India could lead the global economy in the 21st century if it takes further steps on economic reforms and opens up more sectors to foreign players, the US said on Friday.
"If India continues its walk down the path of reform, if it continues to become more open to the investments and the innovations of foreign companies... it will stand a much better chance... to lead the global economy in the 21st century," said US Commerce Secretary Gary Locke in Mumbai.
He also raised the issues of reciprocity in trade between the two countries and a need to remove cross-border barriers, saying that India continued to be ranked low on ease of doing business because of such hindrances.
Locke pointed to high duties like 19 per cent levies on civil aviation aircraft and 50 per cent on apples, besides raising issues like limits on foreign direct investment in key sectors and inadequate protection of intellectual property.
"These measures explain why India is still ranked only 134 out of 183 countries on the World Bank's Ease of Doing Business Report," he said, addressing business leaders at a conference organised by industry body FICCI.
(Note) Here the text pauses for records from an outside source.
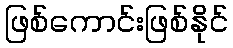
ဖြစ်ကောင်းဖြစ်နိုင်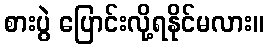
စားပွဲ ပြောင်းလို့ရနိုင်မလား။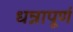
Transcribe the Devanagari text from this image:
धन्नापूर्ण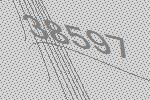
38597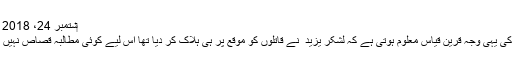
‏ستمبر 24، 2018 #7
اس کی یہی وجہ قرینِ قیاس معلوم ہوتی ہے کہ لشکرِ یزید ؒ نے قاتلوں کو موقع پر ہی ہلاک کر دیا تھا اس لیے کوئی مطالبۂ قصاص نہیں اُٹھا۔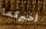
أخبركما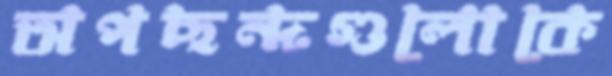
অপছন্দগুলোকে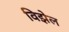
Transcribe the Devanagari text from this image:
विझेल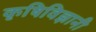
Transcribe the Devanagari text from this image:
कृषिविज्ञानी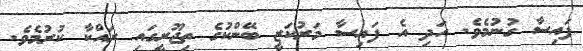
ފައިސާ ގުނުމެވެ. އަދި އެ ފައިސާ މަރުކަޒީ ބޭންކުގެ ތިޖޫރީގައި ރައްކާ ކުރުމެވެ.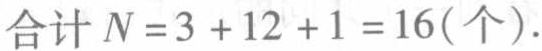
\(合计 N=3 + 12 + 1 = 16(个).\)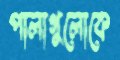
পালাগুলোকে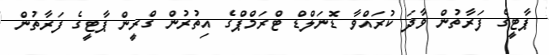
ޕާޓީގެ ފަރާތުން ވާދަ ކުރައްވާ ޑޮނަލްޑް ޓްރަމްޕްގެ އިތުރުން ގްރީން ޕާޓީގެ ފަރާތުން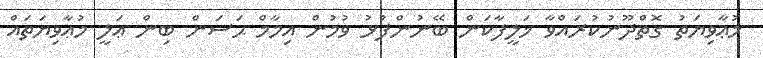
މުޢާވިޔަތު ގޮތްދޫނުކުރައްވާ ޚަލީފާކަން ބޭނުންފުޅު ވުމުން އިމާމް ޙަސަން ބިން ޢަލީ މުޢާވިޔަތައް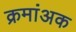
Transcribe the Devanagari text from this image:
क्रमांअक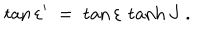
\tan \varepsilon ^ { \prime } \; = \; \tan \varepsilon \, \tanh J \; .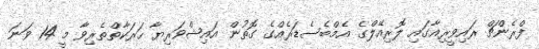
ފްރެންޗް ރައިވީރިއާގައި ލޮރިއޭލްގެ އެމްބެސެޑަރެއްގެ ގޮތުން އައިޝްވަރިޔާ ހަރަކާތްތެރިވާ މީ 14 ވަނަ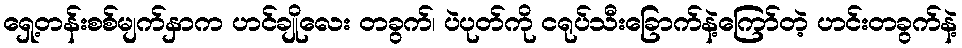
ရှေ့တန်းစစ်မျက်နှာက ဟင်ချိုလေး တခွက်၊ ပဲပုတ်ကို ငရုပ်သီးခြောက်နဲ့ကြော်တဲ့ ဟင်းတခွက်နဲ့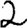
Digit: 2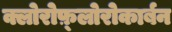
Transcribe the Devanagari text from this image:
क्लोरोफ़्लोरोकार्बन

Locke, who was in India on a four-day visit, met Indian CEOs, including Reliance Industries Chairman Mukesh Ambani, who were part of the US-India CEO Forum.
They discussed a wide range of issues, including clean energy, standards and education.
Locke said: "We have made important progress this week, not just to lay the groundwork for more sales of US goods in India, but to take another real step towards strengthening the bonds between the governments, the businesses and the people of India and the US."
Locke was here on a high-technology trade mission, which he had announced during President Obama's trip last November.
He was accompanied by 24 companies, promoting technologies and services related to civil nuclear energy, civil aviation, defence, homeland security and communications.
In the first 11 months of 2010, US merchandise exports to
India totalled $17.6 billion, up 17 per cent from the same period last year. The bilateral trade was $36.5 billion in 2009-10.
Locke said the US is seeking a level-playing field and "merely" asking for the same treatment foreign companies and investors receive in America, and added that his country has benefited by having an open trade policy.
"The simple fact is that the United States would not be the innovative, dynamic country it is today without being so open to the ideas, the innovations, and, indeed, the capital of foreigners," he said.
Locke said the full potential of Indo-US ties will be realised only when India addresses these concerns, and added that standard of living here will improve if trade barriers are lifted.
India's barriers can only protect "some domestic industries in the short-term...there is much work left to be done", he added.
Even in the US, concerns were raised that "foreign investors would try to control America's destiny", but these fears have proved to be "unfounded", as the historical evidence suggests, Locke said.
America has delivered on the promises made during the Presidential visit to India, and the final nine companies were removed from the "entity list" over the last fortnight, he added.
Locke said these include subordinate entities of the Indian Space Research Organisation and the Defence Research and Development Organisation, which were barred as part of sanctions following India's 1998 nuclear tests.